Relevance : GS Paper II
SAARC still has the potential to become a platform for South Asian interests and shared growth
Why has this issue cropped up?
The government has shown its commitment to its strategy of “Neighbourhood First” by inviting the leaders of neighbouring countries for the second time to Prime Minister Narendra Modi’s swearing-in ceremony on May 30.
The difference from 2014
The obvious difference between Modi’s invitations to his taking office the first and second time is that in 2014 they went to the leaders of the eight-member South Asian Association for Regional Cooperation (SAARC), while in 2019 they went to leaders of the seven-member Bay of Bengal Initiative for Multi-Sectoral Technical and Economic Cooperation (BIMSTEC).
BIMSTEC
BIMSTEC includes five SAARC members (Bangladesh, Bhutan, India, Nepal, Sri Lanka), and Myanmar and Thailand, while leaving SAARC members Afghanistan, Pakistan and the Maldives out, due to the geographical location of the Bay of Bengal.
Significance of SAARC
- SAARC, as an organisation, reflects the South Asian identity of the countries, historically and contemporarily.
- This is a naturally made geographical identity.
- Equally, there is a cultural, linguistic, religious and culinary affinity that defines South Asia.

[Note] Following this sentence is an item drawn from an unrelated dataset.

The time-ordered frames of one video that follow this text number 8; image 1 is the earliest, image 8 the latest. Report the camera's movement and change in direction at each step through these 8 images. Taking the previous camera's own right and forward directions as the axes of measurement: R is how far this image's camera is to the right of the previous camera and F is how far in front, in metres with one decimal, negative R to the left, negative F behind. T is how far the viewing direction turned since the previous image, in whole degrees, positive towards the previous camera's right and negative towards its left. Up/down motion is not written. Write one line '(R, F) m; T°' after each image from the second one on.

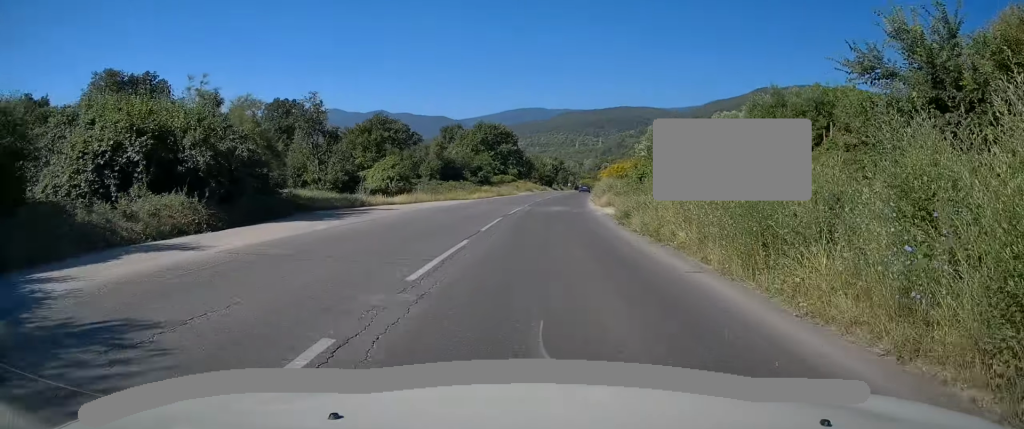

- Just as rivers, climatic conditions flow naturally from one South Asian country to the other, so do the films, poetry, humour, entertainment and food.
- Since 1985 when the SAARC charter was signed, the organisation has developed common cause in several fields: agriculture, education, health, climate change, science and technology, transport and environment.
- Each area has seen modest but sustainable growth in cooperation. For example, from 2010, when the South Asian University began in Delhi, the number of applicants for about 170 seats has more than doubled.
Failure of SAARC
SAARC’s biggest failure, however, comes from the political sphere, where mainly due to India-Pakistan tensions, heads of state have met only 18 times in 34 years; it has been five years since the last summit in Kathmandu.
SAARC Vs BIMSTEC
- To extrapolate that BIMSTEC has replaced SAARC, or that the Modi government is in effect building the foundations of BIMSTEC over the grave of SAARC is both illogical and contrary to the founding principles of these organisations.
- BIMSTEC is not moored in the identity of the nations that are members. It is essentially a grouping of countries situated around the Bay of Bengal, and began in 1997 (Bhutan and Nepal joined in 2004), a decade after SAARC.
- The organisation did not even have a secretariat until 2014. While it has made some progress in technical areas, leaders of BIMSTEC nations have held summits just four times in 22 years.
- With India’s growing frustration over cross-border terrorism emanating from Pakistan, it hopes to build more on BIMSTEC’s potential. But the organisation is unlikely to supplant SAARC.
India’s SAARC aversion
- Terrorism emanating from Pakistan is clearly the biggest stumbling block cited by the government. PM cancelled his attendance at the last planned SAARC summit in Islamabad in 2016, after the attack on the Indian Army’s brigade headquarters in Uri. Afghanistan, Bangladesh and Bhutan followed suit.
- Another reason is the logjam because of Pakistan’s opposition to connectivity projects such as the Motor Vehicles Agreement (MVA), energy sharing proposals and others such as the South Asia Satellite offered by India.
Is India’s aversion to SAARC justified?
- India’s stand on terror emanating from Pakistan, doesn’t extend to other organisations such as the Shanghai Cooperation Organisation (SCO), into which India and Pakistan were inducted in 2017.
- Agreements have not made progress in other groupings either: the Bangladesh-Bhutan-India-Nepal (BBIN) grouping has failed to implement the MVA due to opposition from Bhutan, and India has held up for years cross-border power-exchanges that would allow Bhutan and Nepal to freely sell electricity to third countries such as Bangladesh.
Other Hurdles in the way of SAARC
- Some of the resistance to SAARC has to do with the organisation’s history: Bangladesh’s former military dictator Ziaur Rahman, who was known to be inimical to India, conceived it, and was suspected of trying to constrain India by tying it to its smaller and much less developed neighbours.
- In the 1990s, when India was beginning to see its role as an economic leader and an Asian power with a claim to a permanent seat at the UN Security Council, the SAARC identity may have seemed irrelevant. Even Pakistan’s elite establishment, which often looks to West Asia, was less than enthusiastic about the SAARC grouping where India would be “big brother”.
Conclusion
In a region increasingly targeted by Chinese investment and loans, SAARC could be a common platform to demand more sustainable alternatives for development, or to oppose trade tariffs together, or to demand better terms for South Asian labour around the world. This potential has not yet been explored, nor will it be till SAARC is allowed to progress.